After a long discussion on GitHub issues [1] about possible solutions,
it seems there is no need to support nesting file-backed mounts as one
conclusion (especially when increasing FILESYSTEM_MAX_STACK_DEPTH to 3).
So let's disallow this right now, since there is always a way to use
loopback devices as a fallback.
Then, I started to wonder about an alternative EROFS quick fix to
address the composefs mounts directly for this cycle: since EROFS is the
only fs to support file-backed mounts and other stacked fses will just
bump up `FILESYSTEM_MAX_STACK_DEPTH`, just check that `s_stack_depth`
!= 0 and the backing inode is not from EROFS instead.

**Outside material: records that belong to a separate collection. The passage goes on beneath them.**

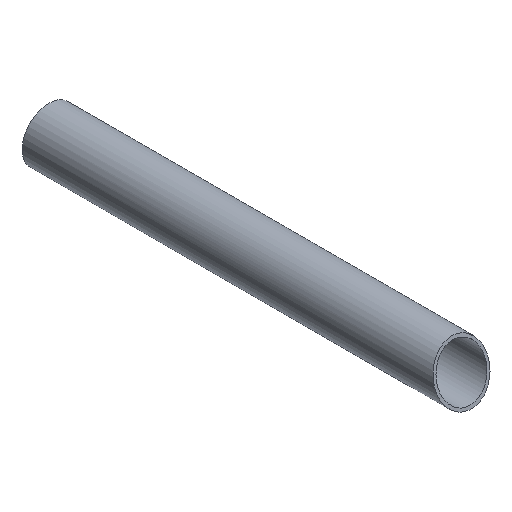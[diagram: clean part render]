
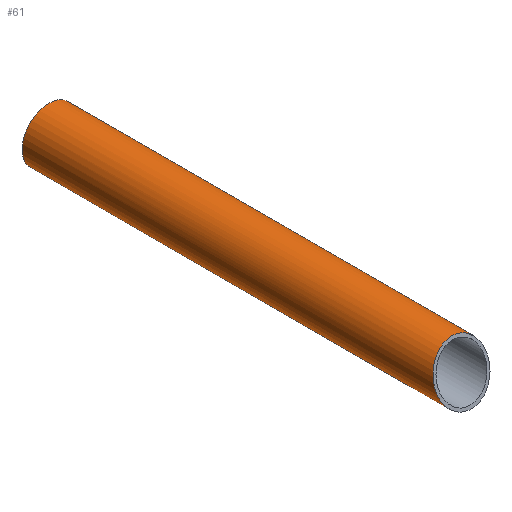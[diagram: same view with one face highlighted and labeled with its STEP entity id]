
A CAD part, isometric view. The second image highlights one B-rep face of the part: STEP entity #61.
In plain terms, the highlighted cylindrical face has radius 38.05 mm (diameter 76.1 mm), a full revolution.
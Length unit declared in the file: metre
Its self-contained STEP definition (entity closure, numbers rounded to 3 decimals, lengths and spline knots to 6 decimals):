
#23=CIRCLE('',#82,0.03805);
#26=ORIENTED_EDGE('',*,*,#34,.T.);
#27=ORIENTED_EDGE('',*,*,#35,.T.);
#34=EDGE_CURVE('',#38,#38,#41,.T.);
#35=EDGE_CURVE('',#39,#39,#23,.T.);
#38=VERTEX_POINT('',#111);
#39=VERTEX_POINT('',#113);
#41=ELLIPSE('',#81,0.040492,0.03805);
#44=EDGE_LOOP('',(#26));
#45=EDGE_LOOP('',(#27));
#52=FACE_BOUND('',#44,.T.);
#53=FACE_BOUND('',#45,.T.);
#59=CYLINDRICAL_SURFACE('',#80,0.03805);
#61=ADVANCED_FACE('',(#52,#53),#59,.T.);
#80=AXIS2_PLACEMENT_3D('',#109,#93,#94);
#81=AXIS2_PLACEMENT_3D('',#110,#95,#96);
#82=AXIS2_PLACEMENT_3D('',#112,#97,#98);
#93=DIRECTION('',(0.,1.,0.));
#94=DIRECTION('',(0.,0.,1.));
#95=DIRECTION('',(0.,0.94,-0.342));
#96=DIRECTION('',(0.,0.342,0.94));
#97=DIRECTION('',(0.,-1.,0.));
#98=DIRECTION('',(0.,0.,-1.));
#109=CARTESIAN_POINT('',(0.,-0.6,0.));
#110=CARTESIAN_POINT('',(0.,-0.586151,0.));
#111=CARTESIAN_POINT('',(0.,-0.572302,0.03805));
#112=CARTESIAN_POINT('',(0.,0.,0.));
#113=CARTESIAN_POINT('',(0.,0.,-0.03805));

At least it works for all known file-backed mount use cases (composefs,
containerd, and Android APEX for some Android vendors), and the fix is
self-contained.
Let's defer increasing FILESYSTEM_MAX_STACK_DEPTH for now.

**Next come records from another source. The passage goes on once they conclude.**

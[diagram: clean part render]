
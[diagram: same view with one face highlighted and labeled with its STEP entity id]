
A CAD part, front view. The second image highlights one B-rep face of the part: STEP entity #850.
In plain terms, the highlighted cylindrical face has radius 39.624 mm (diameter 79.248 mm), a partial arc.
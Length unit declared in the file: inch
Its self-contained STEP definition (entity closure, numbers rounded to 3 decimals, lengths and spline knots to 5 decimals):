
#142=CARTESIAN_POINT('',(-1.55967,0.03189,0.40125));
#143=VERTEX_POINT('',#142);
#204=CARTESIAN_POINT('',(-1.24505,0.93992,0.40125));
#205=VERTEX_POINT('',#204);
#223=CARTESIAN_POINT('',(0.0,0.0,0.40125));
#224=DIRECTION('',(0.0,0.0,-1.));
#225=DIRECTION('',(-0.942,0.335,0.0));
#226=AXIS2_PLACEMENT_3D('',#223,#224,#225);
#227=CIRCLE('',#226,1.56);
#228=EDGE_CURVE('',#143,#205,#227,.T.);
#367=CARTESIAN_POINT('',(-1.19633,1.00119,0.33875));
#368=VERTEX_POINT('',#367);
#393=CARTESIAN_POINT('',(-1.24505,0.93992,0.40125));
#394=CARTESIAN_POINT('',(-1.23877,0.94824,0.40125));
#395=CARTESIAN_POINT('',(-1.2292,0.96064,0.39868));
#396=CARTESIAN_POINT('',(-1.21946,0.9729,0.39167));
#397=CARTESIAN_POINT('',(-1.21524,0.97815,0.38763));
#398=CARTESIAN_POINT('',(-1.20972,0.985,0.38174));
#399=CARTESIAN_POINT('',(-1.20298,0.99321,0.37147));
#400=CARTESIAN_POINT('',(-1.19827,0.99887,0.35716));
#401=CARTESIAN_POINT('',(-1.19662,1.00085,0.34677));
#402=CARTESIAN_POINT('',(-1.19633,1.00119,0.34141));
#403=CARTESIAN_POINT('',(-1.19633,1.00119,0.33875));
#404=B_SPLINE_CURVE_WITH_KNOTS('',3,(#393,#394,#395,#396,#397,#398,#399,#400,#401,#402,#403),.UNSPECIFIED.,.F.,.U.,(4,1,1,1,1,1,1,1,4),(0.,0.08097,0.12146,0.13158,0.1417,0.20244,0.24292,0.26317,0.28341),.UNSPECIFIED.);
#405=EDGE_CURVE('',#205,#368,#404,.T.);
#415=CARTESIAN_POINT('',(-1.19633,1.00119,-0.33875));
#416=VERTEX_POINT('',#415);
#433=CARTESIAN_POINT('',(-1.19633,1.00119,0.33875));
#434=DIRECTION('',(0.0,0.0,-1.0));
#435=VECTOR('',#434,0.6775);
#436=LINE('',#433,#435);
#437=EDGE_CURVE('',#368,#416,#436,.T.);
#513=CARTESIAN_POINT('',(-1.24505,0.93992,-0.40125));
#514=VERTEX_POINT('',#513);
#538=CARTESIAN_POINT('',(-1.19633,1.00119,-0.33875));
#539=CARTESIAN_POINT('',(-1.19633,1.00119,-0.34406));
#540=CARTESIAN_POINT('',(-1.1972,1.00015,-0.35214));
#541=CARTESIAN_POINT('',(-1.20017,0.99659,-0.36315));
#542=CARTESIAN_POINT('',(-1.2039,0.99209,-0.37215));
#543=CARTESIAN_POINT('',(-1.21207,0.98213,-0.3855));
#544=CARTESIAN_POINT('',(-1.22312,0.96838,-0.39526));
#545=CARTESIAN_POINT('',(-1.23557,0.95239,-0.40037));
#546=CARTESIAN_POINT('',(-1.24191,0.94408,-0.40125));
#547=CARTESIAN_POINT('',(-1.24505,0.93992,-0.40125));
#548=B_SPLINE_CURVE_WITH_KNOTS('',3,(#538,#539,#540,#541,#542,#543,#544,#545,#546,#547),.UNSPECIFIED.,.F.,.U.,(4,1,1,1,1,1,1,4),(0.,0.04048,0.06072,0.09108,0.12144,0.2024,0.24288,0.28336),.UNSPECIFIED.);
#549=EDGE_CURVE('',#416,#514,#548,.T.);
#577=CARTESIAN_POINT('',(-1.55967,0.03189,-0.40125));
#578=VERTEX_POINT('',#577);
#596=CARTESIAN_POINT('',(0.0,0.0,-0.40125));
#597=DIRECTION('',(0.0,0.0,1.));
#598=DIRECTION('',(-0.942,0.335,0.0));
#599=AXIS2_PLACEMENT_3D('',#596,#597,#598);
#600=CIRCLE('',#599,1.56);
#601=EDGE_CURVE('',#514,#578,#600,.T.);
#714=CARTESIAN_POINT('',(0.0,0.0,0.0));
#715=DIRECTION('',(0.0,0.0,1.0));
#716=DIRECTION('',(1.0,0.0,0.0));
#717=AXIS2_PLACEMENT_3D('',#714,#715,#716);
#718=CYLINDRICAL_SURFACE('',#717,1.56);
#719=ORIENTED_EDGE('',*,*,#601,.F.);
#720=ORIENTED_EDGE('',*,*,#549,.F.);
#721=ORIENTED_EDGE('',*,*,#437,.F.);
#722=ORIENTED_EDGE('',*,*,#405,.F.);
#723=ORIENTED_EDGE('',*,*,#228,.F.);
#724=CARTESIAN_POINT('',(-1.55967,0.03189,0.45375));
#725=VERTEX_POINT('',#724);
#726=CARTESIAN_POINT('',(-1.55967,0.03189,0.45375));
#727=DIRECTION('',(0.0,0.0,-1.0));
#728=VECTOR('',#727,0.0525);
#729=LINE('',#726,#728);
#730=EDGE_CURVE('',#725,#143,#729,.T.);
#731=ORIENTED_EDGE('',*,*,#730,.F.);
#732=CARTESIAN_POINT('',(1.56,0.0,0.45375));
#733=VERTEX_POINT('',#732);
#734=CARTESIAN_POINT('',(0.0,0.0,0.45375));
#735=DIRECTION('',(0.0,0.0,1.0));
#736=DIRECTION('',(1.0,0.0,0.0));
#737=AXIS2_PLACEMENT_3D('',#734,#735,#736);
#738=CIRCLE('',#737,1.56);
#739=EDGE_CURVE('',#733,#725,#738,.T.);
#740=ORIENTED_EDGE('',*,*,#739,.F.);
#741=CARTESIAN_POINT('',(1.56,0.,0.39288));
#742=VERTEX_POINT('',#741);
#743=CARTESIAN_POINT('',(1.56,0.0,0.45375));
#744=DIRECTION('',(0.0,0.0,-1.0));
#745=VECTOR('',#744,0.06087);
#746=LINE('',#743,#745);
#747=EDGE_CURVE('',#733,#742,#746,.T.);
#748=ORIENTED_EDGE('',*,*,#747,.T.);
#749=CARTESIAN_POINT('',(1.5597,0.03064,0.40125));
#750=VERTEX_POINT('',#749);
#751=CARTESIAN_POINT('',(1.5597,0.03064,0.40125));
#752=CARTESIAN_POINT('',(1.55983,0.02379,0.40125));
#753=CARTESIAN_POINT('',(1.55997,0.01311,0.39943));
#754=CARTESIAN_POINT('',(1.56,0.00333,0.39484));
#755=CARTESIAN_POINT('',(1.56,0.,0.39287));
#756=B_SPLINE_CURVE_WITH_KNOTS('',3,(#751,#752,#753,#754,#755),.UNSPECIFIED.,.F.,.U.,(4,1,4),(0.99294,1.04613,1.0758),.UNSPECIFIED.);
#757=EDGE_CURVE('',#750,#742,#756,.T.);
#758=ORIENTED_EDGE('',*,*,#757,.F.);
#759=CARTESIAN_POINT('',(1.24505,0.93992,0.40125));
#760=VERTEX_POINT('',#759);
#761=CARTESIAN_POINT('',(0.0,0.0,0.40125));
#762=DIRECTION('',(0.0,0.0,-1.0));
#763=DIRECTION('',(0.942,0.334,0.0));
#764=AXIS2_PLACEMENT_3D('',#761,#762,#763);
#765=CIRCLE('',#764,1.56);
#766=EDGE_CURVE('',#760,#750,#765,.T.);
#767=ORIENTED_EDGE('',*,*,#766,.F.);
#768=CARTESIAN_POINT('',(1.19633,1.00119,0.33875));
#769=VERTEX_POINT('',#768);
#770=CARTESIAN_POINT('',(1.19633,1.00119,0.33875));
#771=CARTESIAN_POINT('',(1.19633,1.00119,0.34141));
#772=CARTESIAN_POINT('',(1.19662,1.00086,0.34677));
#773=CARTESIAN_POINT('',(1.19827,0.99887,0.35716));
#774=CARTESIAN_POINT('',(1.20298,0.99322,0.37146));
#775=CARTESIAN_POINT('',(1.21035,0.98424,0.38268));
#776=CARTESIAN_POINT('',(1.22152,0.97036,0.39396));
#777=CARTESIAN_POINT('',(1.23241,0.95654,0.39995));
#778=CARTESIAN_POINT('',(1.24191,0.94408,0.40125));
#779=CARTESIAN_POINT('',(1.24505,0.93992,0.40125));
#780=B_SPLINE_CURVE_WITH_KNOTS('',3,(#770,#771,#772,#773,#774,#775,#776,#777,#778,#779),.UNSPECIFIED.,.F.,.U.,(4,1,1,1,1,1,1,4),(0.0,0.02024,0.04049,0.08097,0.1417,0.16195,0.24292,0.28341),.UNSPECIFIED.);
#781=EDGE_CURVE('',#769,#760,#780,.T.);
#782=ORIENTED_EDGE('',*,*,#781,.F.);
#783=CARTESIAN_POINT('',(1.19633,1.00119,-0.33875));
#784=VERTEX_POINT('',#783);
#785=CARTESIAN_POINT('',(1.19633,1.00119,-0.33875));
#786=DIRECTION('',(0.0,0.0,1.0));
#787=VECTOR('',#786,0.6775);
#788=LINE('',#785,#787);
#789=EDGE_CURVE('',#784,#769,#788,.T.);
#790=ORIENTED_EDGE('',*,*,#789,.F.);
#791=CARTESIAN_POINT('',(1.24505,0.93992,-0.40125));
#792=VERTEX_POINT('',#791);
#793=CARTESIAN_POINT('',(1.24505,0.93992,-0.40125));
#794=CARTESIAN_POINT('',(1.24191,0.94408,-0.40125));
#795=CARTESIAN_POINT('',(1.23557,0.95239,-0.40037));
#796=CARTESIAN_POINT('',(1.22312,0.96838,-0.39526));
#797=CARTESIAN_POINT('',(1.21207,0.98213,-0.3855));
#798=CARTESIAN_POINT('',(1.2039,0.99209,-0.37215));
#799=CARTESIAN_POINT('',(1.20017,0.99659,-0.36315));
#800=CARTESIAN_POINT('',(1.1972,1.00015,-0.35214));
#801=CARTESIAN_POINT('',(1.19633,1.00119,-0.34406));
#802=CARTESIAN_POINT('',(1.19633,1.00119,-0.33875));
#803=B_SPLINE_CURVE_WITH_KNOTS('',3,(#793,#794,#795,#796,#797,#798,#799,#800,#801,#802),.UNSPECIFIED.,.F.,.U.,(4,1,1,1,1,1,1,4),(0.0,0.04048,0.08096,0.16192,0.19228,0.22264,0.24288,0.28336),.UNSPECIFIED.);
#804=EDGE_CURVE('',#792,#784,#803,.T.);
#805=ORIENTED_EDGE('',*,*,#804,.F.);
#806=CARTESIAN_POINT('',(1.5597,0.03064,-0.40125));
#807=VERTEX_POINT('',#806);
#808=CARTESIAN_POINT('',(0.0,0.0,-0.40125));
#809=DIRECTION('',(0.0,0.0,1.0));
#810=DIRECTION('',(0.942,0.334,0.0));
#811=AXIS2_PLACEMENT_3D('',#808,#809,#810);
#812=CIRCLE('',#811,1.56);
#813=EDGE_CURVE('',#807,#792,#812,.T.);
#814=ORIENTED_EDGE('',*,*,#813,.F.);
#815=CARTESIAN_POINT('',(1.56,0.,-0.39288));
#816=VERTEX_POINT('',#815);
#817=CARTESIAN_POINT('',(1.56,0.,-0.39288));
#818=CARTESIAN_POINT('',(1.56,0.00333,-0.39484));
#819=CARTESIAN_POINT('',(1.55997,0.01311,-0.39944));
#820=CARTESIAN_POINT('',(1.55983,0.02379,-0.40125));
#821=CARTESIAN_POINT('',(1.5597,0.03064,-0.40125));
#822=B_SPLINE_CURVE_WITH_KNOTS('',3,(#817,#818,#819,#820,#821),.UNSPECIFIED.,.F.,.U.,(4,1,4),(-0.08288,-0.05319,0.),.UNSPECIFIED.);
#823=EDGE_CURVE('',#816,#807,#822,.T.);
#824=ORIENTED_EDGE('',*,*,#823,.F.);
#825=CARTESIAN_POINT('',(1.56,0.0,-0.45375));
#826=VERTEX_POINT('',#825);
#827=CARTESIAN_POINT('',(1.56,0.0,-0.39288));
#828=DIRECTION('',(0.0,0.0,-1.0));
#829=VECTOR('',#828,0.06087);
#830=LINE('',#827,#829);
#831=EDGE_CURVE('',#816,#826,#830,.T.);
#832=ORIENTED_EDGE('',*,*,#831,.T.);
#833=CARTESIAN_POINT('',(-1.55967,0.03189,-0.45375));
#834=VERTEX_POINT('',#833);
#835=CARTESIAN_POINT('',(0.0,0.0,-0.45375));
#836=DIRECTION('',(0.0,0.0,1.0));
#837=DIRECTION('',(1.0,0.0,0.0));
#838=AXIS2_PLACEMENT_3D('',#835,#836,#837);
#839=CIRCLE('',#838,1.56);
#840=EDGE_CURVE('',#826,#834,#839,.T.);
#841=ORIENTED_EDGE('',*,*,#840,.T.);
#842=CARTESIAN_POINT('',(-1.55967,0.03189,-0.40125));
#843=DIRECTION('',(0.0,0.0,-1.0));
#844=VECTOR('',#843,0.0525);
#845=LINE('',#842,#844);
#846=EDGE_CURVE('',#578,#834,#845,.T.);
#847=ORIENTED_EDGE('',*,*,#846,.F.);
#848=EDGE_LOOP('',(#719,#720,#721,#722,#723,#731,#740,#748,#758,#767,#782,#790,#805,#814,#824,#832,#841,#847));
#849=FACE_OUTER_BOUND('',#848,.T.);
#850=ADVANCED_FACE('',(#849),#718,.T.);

Fixes: d53cd891f0e4 ("erofs: limit the level of fs stacking for file-backed
mounts")
Closes: https://github.com/coreos/fedora-coreos-tracker/issues/2087 [1]
Closes:
https://lore.kernel.org/r/CAFHtUiYv4+=+JP_-JjARWjo6OwcvBj1wtYN=z0qxwcpec9s...@mail.gmail.com
Cc: Amir Goldstein <[email protected]>
Cc: Alexander Larsson <[email protected]>
Cc: Christian Brauner <[email protected]>
Cc: Miklos Szeredi <[email protected]>
Signed-off-by: Gao Xiang <[email protected]>
---
Acked-by: Amir Goldstein <[email protected]>
But you forgot to include details of the stack usage analysis you ran
with erofs+ovl^2 setup.
I am guessing people will want to see this information before relaxing
s_stack_depth in this case.
Sorry I didn't check emails these days, I'm not sure if posting
detailed stack traces are useful, how about adding the following
words:
Didn't mean detailed stack traces, but you did some tests with the
new possible setup and you reached stack usage < 8K so I think this is
The issue is that my limited stress test setup cannot cover
every cases:
- I cannot find a way to make direct reclaim reliably in the
deep memory allocation, is there some suggestion on this?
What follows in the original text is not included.